PROJECT SUMMARY/ABSTRACT.
Novel vaccination strategies are necessary to contain the TB pandemic, as the currently licensed anti-tubercular
vaccine, Bacille Calmette-Guerin (BCG), has limited and variable efficacy. Attenuated, live-replicating
Mycobacterium tuberculosis (Mtb) express the full complement of protective antigens not present in BCG. As a
result, these strains are most likely to induce long-lived immune responses and generate durable protection.
Rhesus macaques vaccinated with an isogenic Mtb mutant in the allele encoding the stress-response master
regular SigH (DsigH) were protected from TB after infection with a lethal dose of Mtb, and characterized by the
presence of inducible bronchus associated lymphoid tissue (iBALT) and robust T cell responses in the lungs.
Protection by DsigH could be reversed by the depletion of CD20+ B cells which ablates iBALT. Protection with
DsigH was validated in cynomolgus macaques, a second NHP species used as a model for TB vaccination.

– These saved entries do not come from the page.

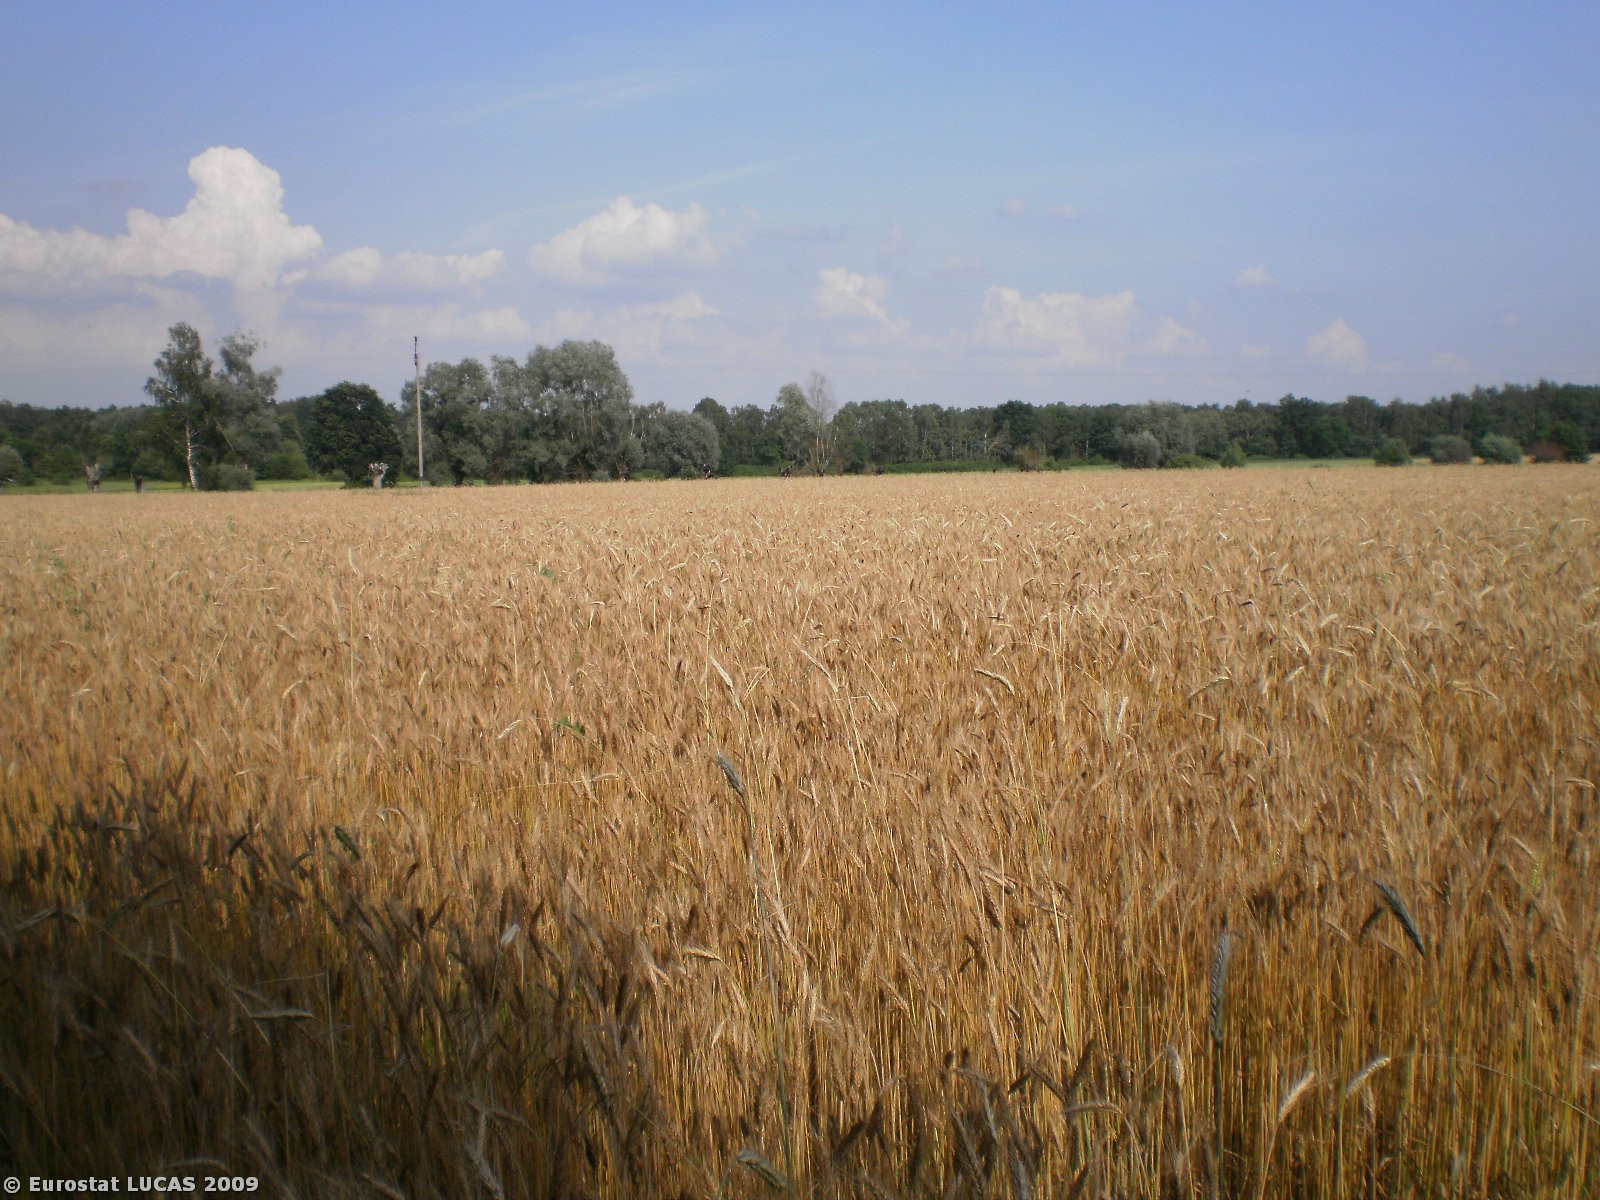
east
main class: Cropland
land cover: Triticale
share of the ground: > 75 %
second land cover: Rye
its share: < 10 %
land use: Agriculture (excluding fallow land and kitchen gardens)
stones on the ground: < 10 %
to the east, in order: Triticale; Rye; Grass margins; Ditches and canals; Lines of trees; Grassland without tree/shrub cover
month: July
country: PL
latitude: 52.7148
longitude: 20.8334
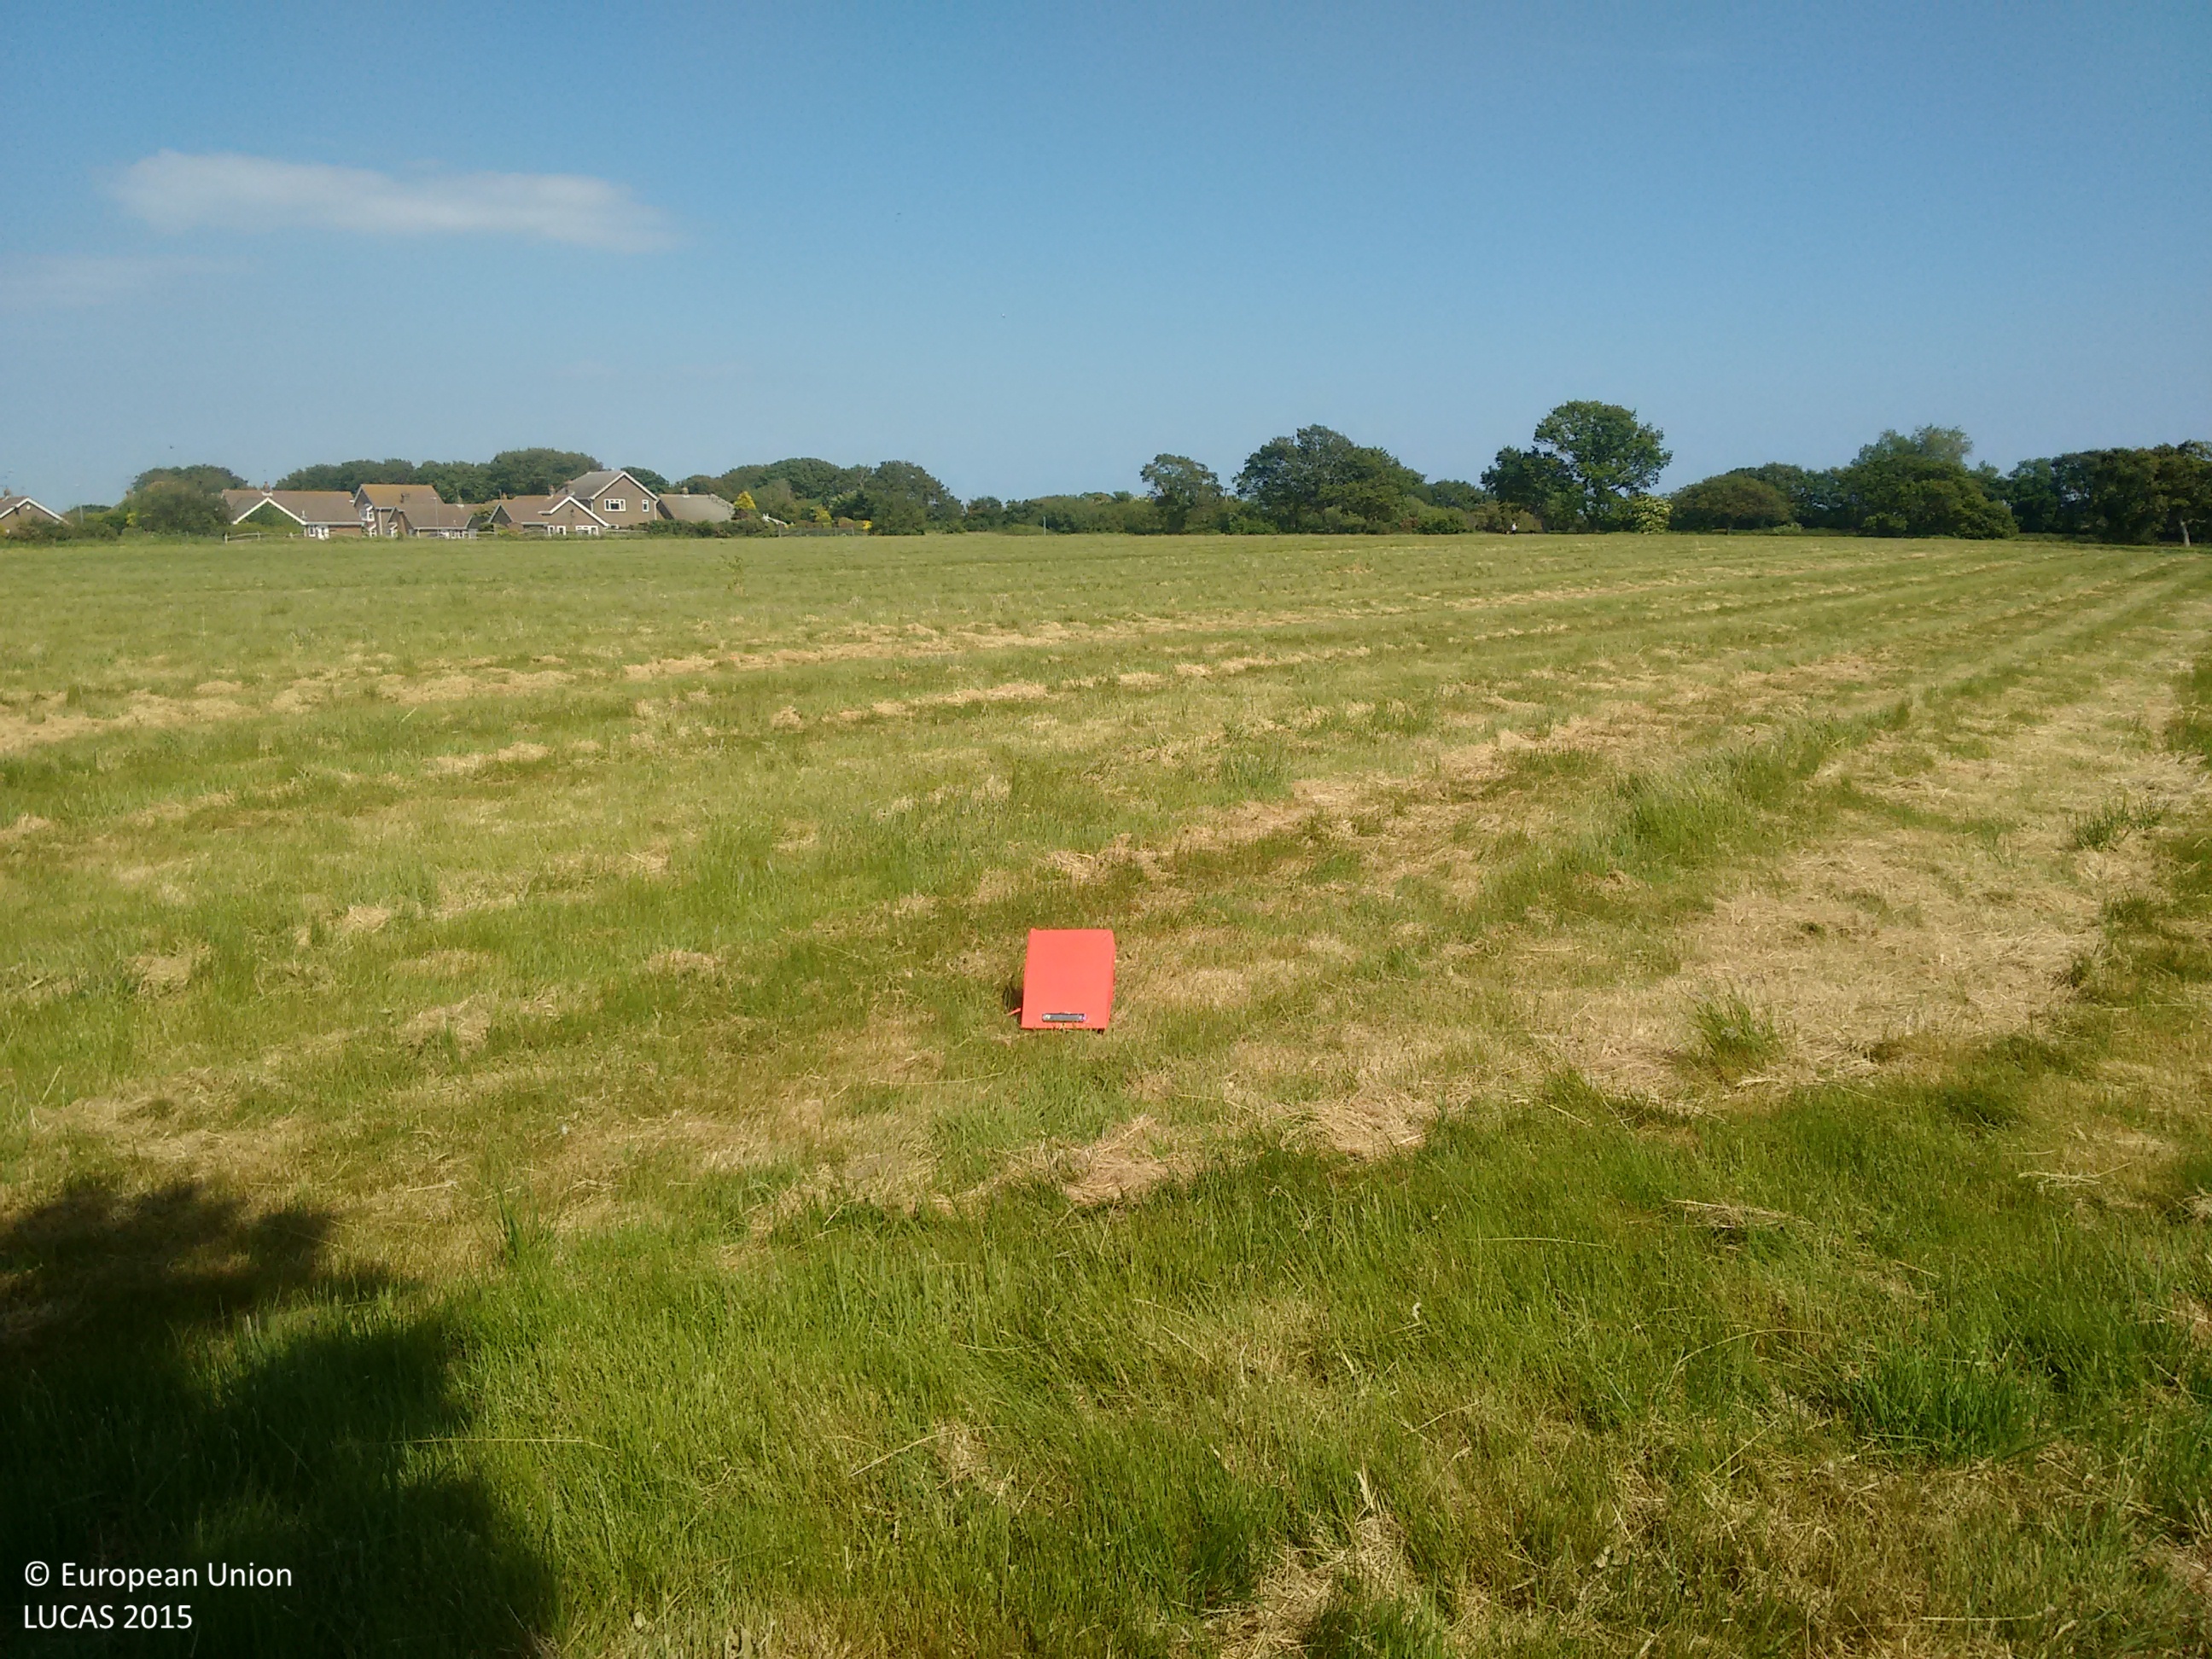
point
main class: Grassland
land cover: Grassland without tree/shrub cover
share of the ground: > 75 %
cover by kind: herbaceous plants 100 %
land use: Amenities, museums, leisure
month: June
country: GB
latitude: 50.8158
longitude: 0.2473
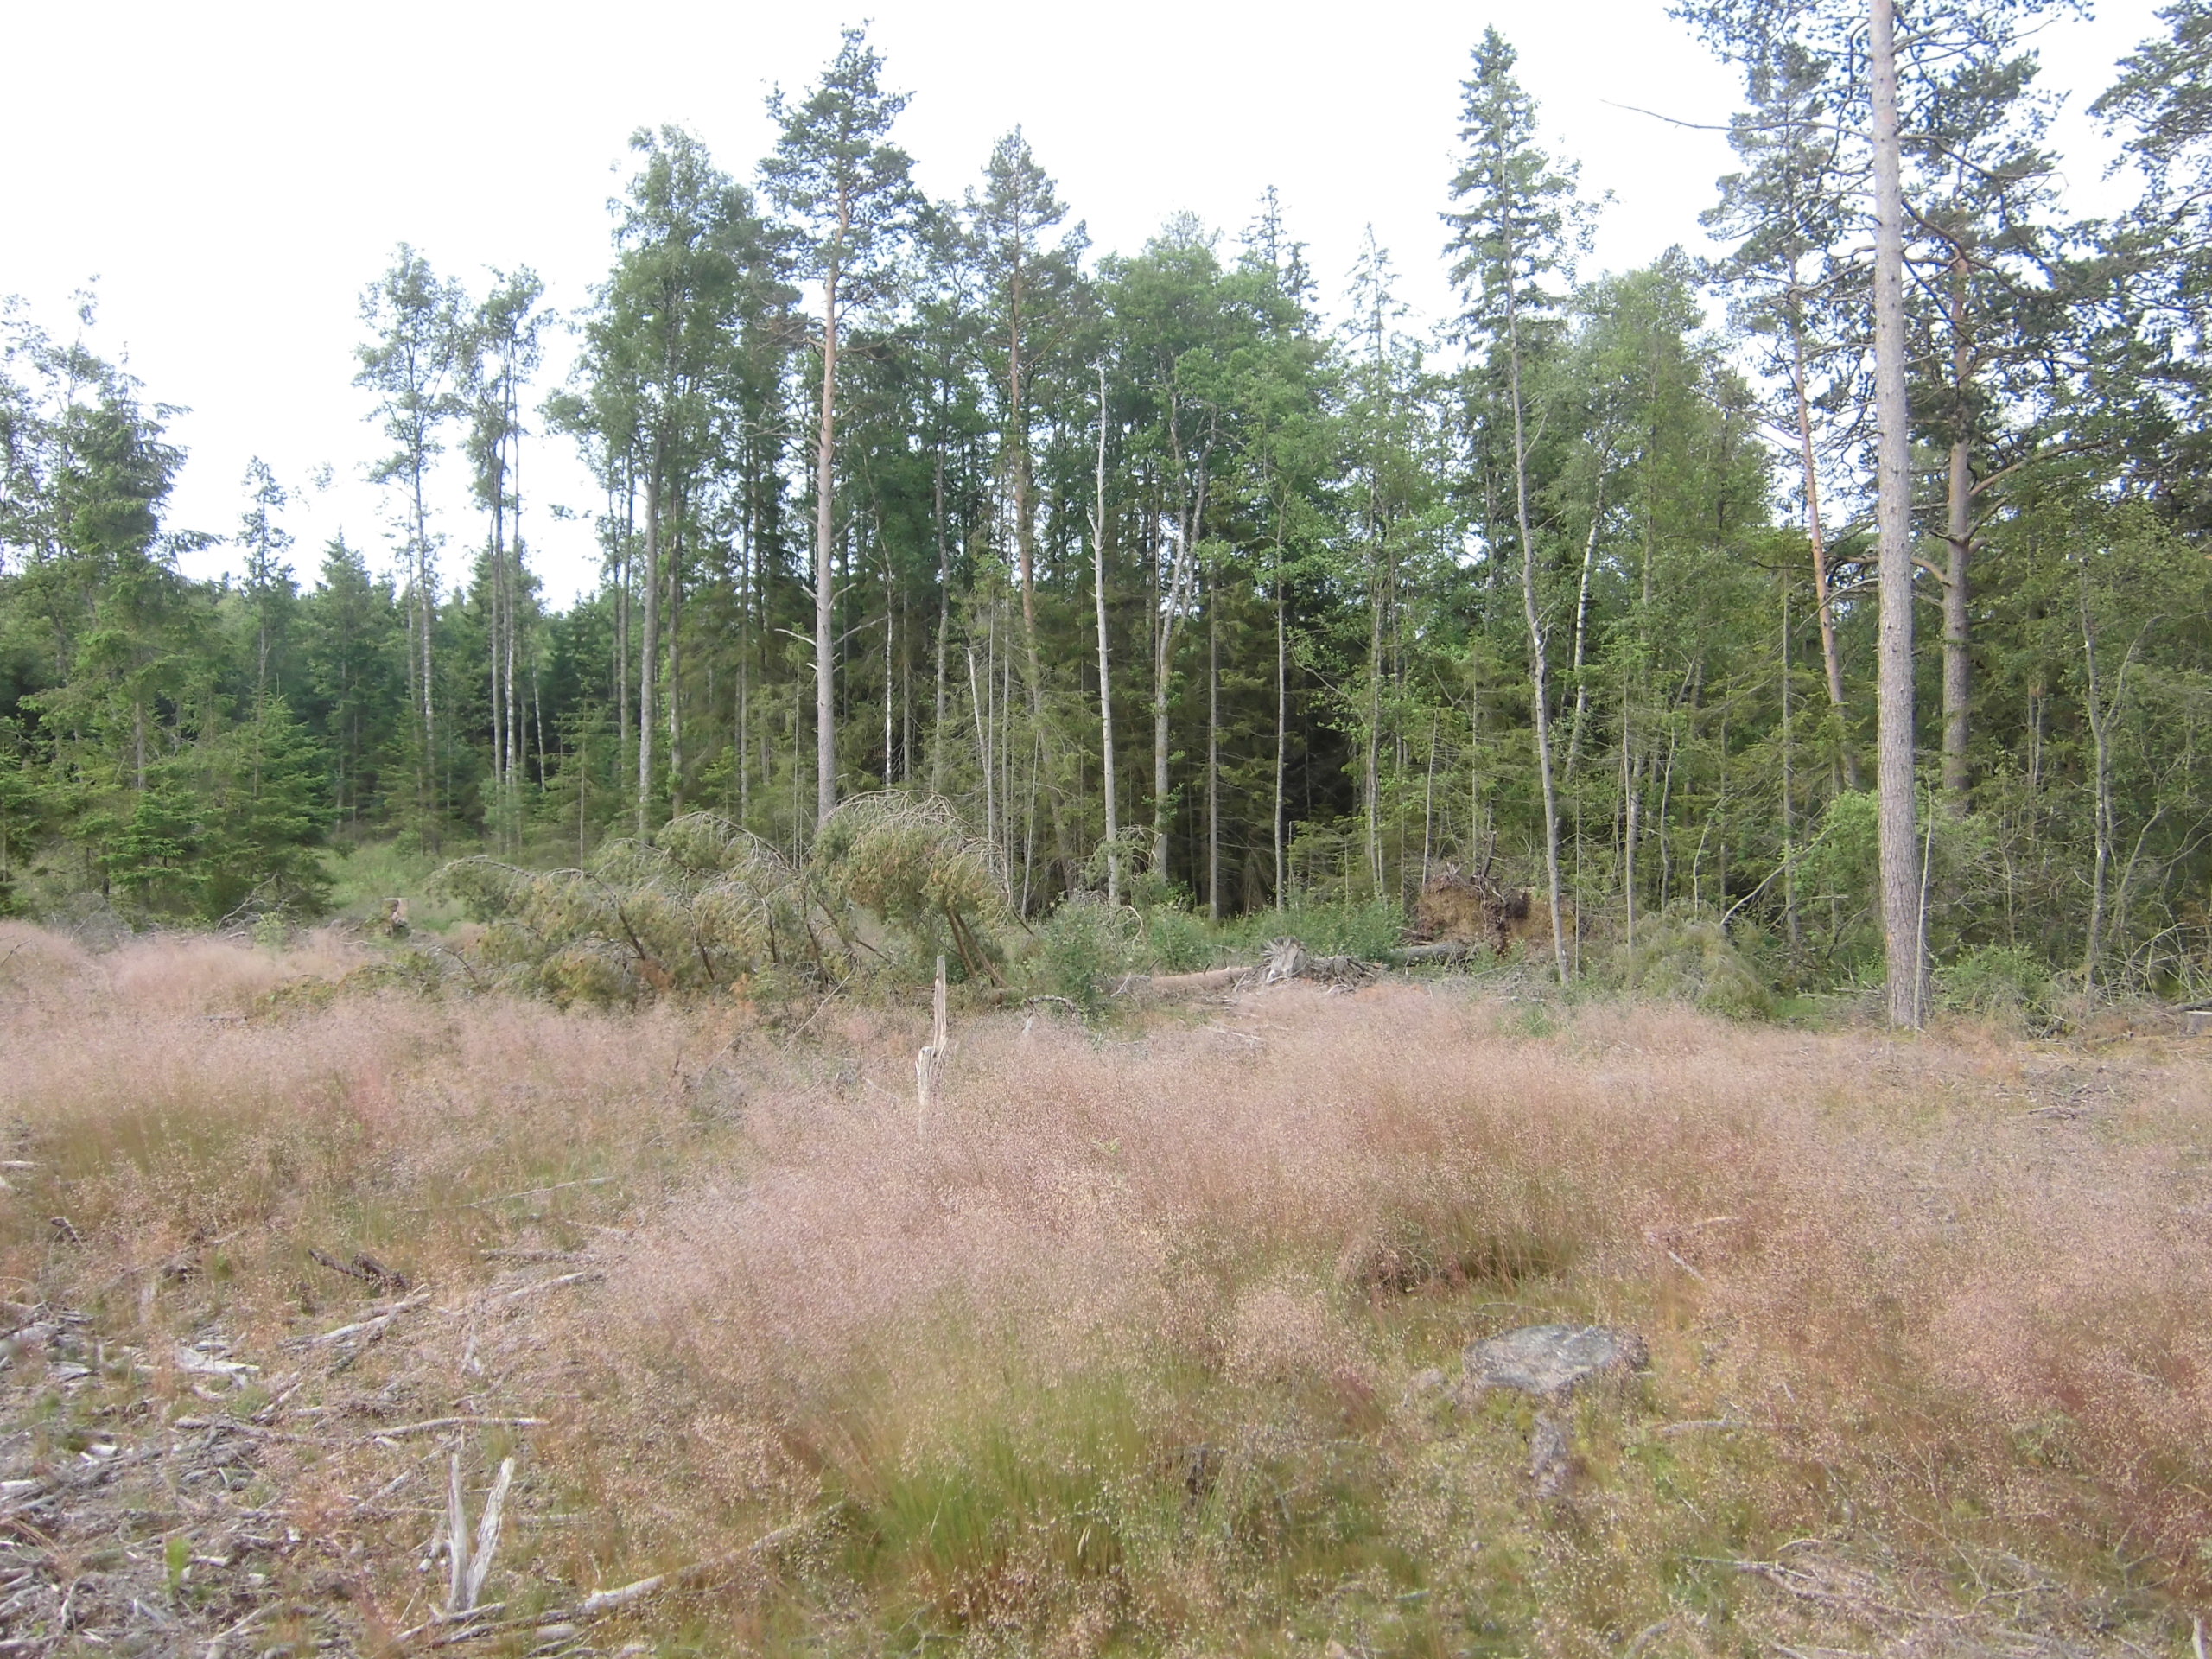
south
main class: Grassland
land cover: Grassland with sparse tree/shrub cover
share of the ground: > 75 %
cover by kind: herbaceous plants 70 %, lichens and mosses 10 %, unconsolidated bare surface 10 %, broadleaved forest trees 5 %, shrubs 5 %
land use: Forestry
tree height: < 5 m
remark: Clear cut
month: July
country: SE
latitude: 57.3961
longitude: 14.7717

Preliminary data presented in this proposal indicates that protection elicited by DsigH is based on the generation
of very early, potent, innate immune responses in the lung that drive rigorous immune dynamics and interactions.
We propose to use cutting-edge techniques that our group has optimized, such as single cell RNA sequencing
in airways and lungs, PET/CT scans of whole animals and single cell imaging, to fully understand elite lung
responses generated by DsigH compared to Mtb. Our proposed work will not only provide in-depth knowledge
of immune responses generated by a potential human intervention for TB, but also identify mechanisms by which
Mtb infection can be sterilized prior to the formation of the granuloma.